The tremendous advances in science starting in the 1990s stipulated hopes that the discovery of new medicines would soon turn into an engineerable process. The decryption of the human genome provided a plethora of new target opportunities for exploitation, and the availability of large screening collections, efficient miniaturized high‐throughput screening technologies, and computer‐assisted methods for hit generation suggested that generation of reasonable lead structures should be feasible for many of these targets. Furthermore, cellular models for early prediction of metabolic liabilities and toxicological risks enhanced the optimization of drug‐like properties. However, after 30 years, these hopes did not turn into reality; the number of approved drugs remained approximately constant, at least for the period from 1989 to 2013. In 2019, the Food and Drug Administration (FDA) approved 47 new drugs, 9 of which are biologics (Figure 1.1) [3]. It is an interesting observation that despite the trend to focus research on biologics and small‐molecule drug business was said to be dead for several years, the fraction of annual new biological drug approvals is still stagnating at about 25 %.

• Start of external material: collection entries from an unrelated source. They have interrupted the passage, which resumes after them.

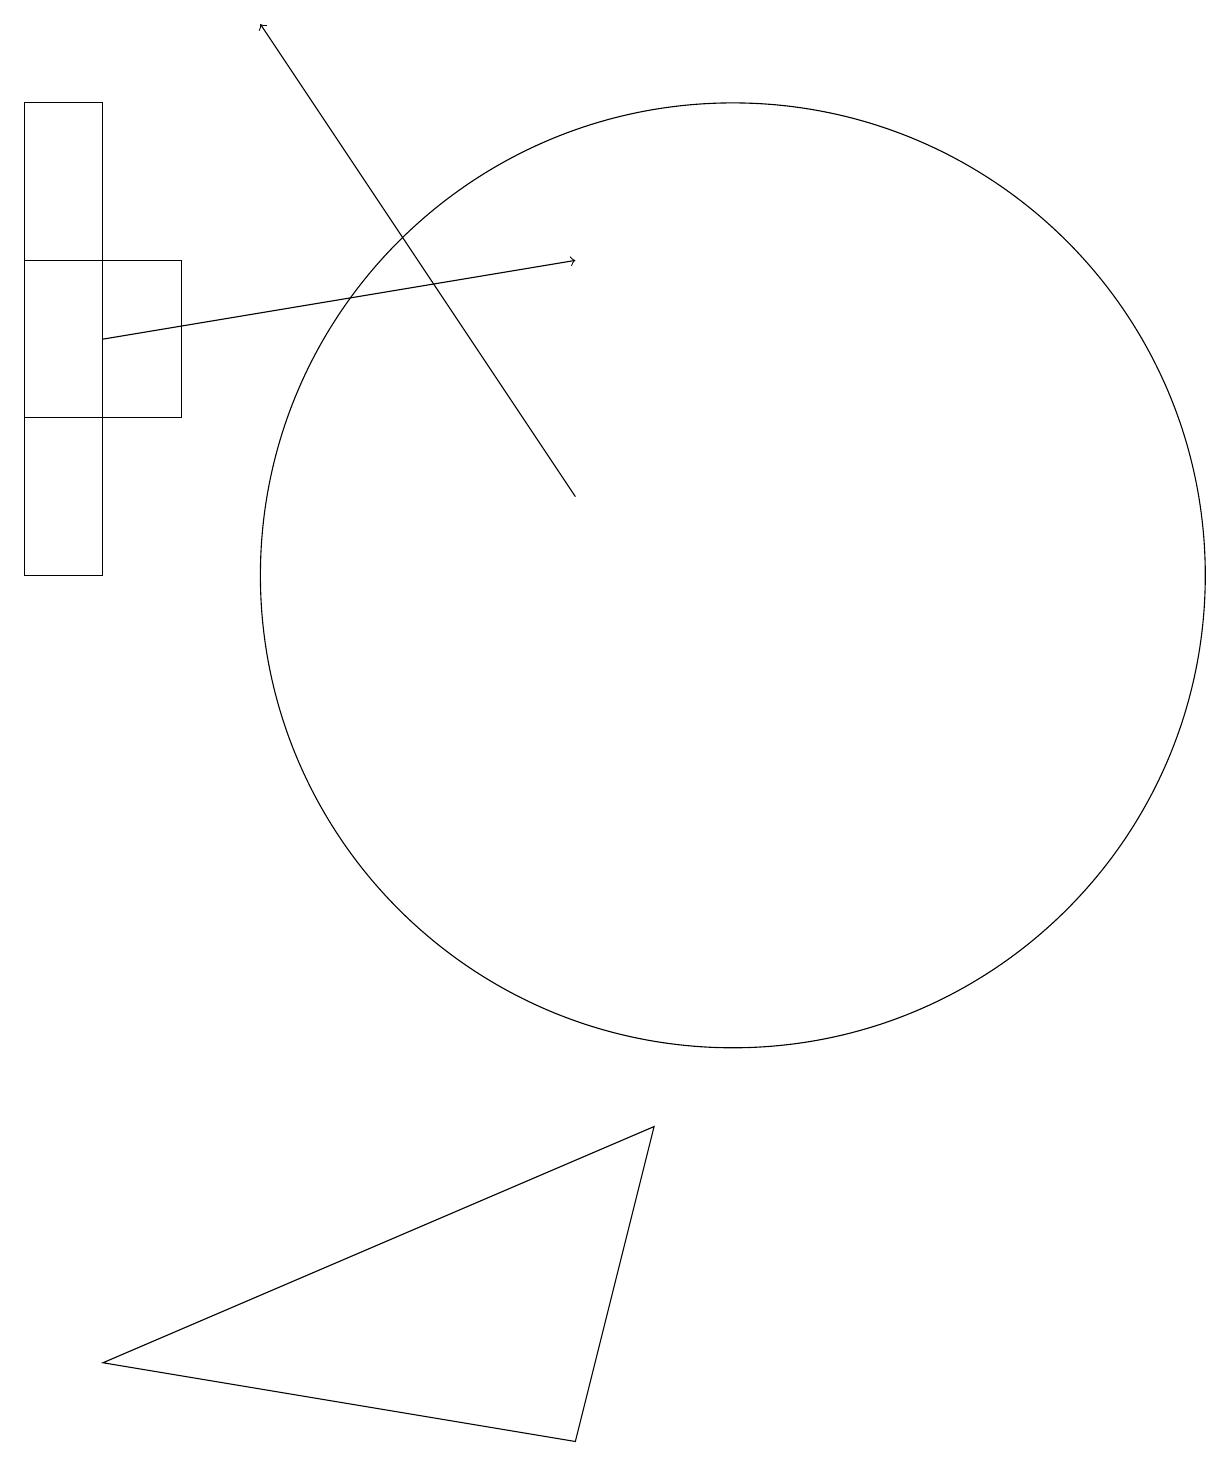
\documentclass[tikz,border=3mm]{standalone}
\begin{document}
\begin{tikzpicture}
\draw[->] (2,14) -- (8,15);
\draw[->] (8,12) -- (4,18);
\draw (10,11) circle (6);
\draw (2,17) rectangle (1,11);
\draw (1,15) rectangle (3,13);
\draw (9,4) -- (8,0) -- (2,1) -- cycle;
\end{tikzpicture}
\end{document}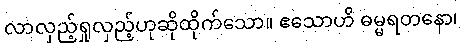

In an article published in 2011, Stevens [4] analyzed the contributions of publicly funded organizations to current approval rates over a period of 40 years. It is remarkable to note that about 9 % of all approvals (143/1541) were enabled or at least facilitated by public funding. If one compares the contributions for new molecular entities, the rate rises to 13.3 % (64 out of 483). For new molecular entities that have been granted priority review, the report cites an impressive 21.1 % (44 out of 209). In a recent study, Nayak et al. [5] confirmed the significance of pharmaceutical research driven by universities and clinical centers. They thoroughly analyzed FDA drug approvals between 2008 and 2019, considering also patent information. Among the 248 approvals of new molecular entities, they identified significant contributions by publicly funded organizations for 62 (25 %) of them. It is puzzling that pharmaceutical ventures with their highly skilled scientists and an infrastructure that is capable of accessing virtually unlimited funds dedicated solely to the purpose of drug discovery did not perform better than these figures tell us. This is even more surprising in light of the fact that provision of new drugs to the pipeline is obviously a vital task in order to maintain the company going in the future and patent lifetime of approved therapies is clearly very limited.

Figure 1.1 FDA drug approvals from 1990 to 2019.

Source: Data from Mullard [3].

Independent development of a drug to a marketed product is clearly out of scope for any academic. It is estimated that out of pocket costs for approval of a single drug can amount to US$ 1.3 billion, with the majority of this budget being consumed by clinical trials. Also the process needs oversight and management by experienced clinical scientists to optimally set up the studies in order to ensure that a potential beneficial outcome will not be a victim of an underpowered study group or that the selection of the patient population was not optimal.

However, when the clinical trial starts, the selection process of the therapeutic moiety is already completed and the decision on target and approach is taken, from that point on it is the task of the clinicians to see if the generated hypothesis will hold true.

However, academics provide important contributions to drug discovery, using their specific strengths. These can be based on curiosity, expert knowledge in specific areas, exploitation of surprising findings, stimulating follow‐up research, and interdisciplinary research resulting from different academic laboratories teaming up, for instance. Different examples of how these specific strengths can lead to successful drug discovery will be discussed throughout this chapter.